Four other western states – Alaska, Utah, Nevada, and Hawaii – are among the states, along with California, that are least likely to seek debt relief.
Among the four terms, here is the state that showed the least interest in a particular term (and its index value):
- Student Loans: California (45)
- Biden Student Loans: Alaska (20)
- Student loan waiver: California (50)
- Biden Student Loan Granting: California (19)
The nation’s capital has the most debt, the most searches
Perhaps the density of political professionals is what makes the District of Columbia most interested in these searches. DC residents seem to be more interested in student loans in general, as they rank high in student loan and biden student loan search terms (though they are not far behind in student loan granting).

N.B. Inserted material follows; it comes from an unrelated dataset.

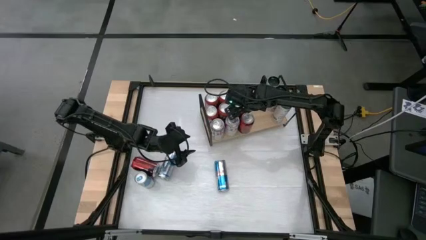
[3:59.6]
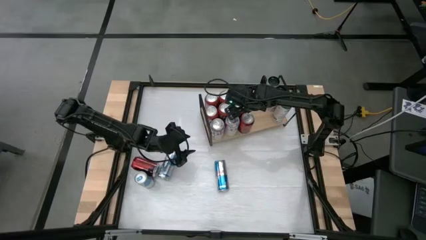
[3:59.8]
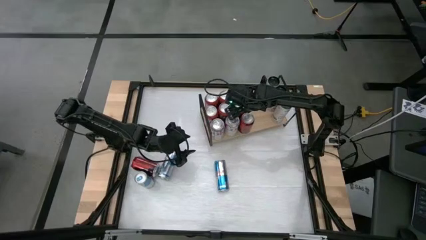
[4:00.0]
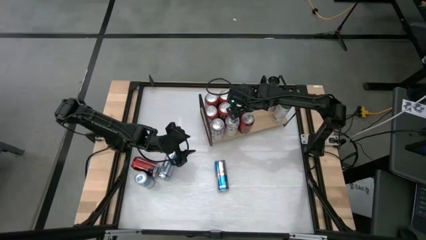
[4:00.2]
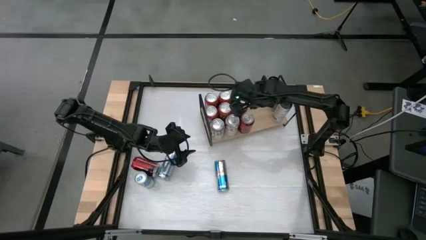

Interestingly, DC also has the highest average debt per borrower at $ 58,200 – a whopping $ 23,433 more than the average for the 50 states and DC. This may make it less surprising that residents are looking for student debt relief, but it does not indicate a greater correlation between debt balances and search volume.
Student Loan Hero’s senior writer Andrew Pentis believes DC’s political energy is a factor, as any federal student loan forgiveness laws would likely come from the capital, be it the White House or the Capitol.
“You can bet that the people of the DC region are better prepared for the political winds that blow in their own backyard,” says Pentis.
Neither debt nor delinquency fuel searches for forgiveness
One might assume that those with higher college debt are more interested in forgiveness, but they might be wrong. Those who google for student debt relief or similar terms may not have more debt than those who search less frequently.
In the 10 states most frequently searching for student loan terms, borrowers have an average of $ 35,320 in student debt versus $ 34,300 in the 10 least searching.
The small difference – only about $ 1,000 – shows that higher debt levels may not cause borrowers to look for forgiveness options or news. While DC happens to have the top spots for debt balances and remission searches, North Dakota has the lowest average student loan balance ($ 27,800), but it comes in 15th on the search rankings.
Likewise, states with a high search volume are not necessarily more in default on their loans than states with fewer searchers. (Accounts are considered overdue once a borrower misses a payment.)
In the 50 states and DC, 10% of student loan borrowers are in default – and both of the groups of states that are most and least likely to ask have, on average, almost the same proportion of defaulting borrowers. In fact, the 10 states most interested in debt relief have a slightly lower default rate of 10.2%, compared to 10.9% in states that are less term-searching.
Regardless of whether or not residents of certain states search for these terms, people can agree, Pentis says.
“Debt loans harm adults who should be working toward other personal financial goals like buying or maintaining a home and saving up for retirement,” says Pentis.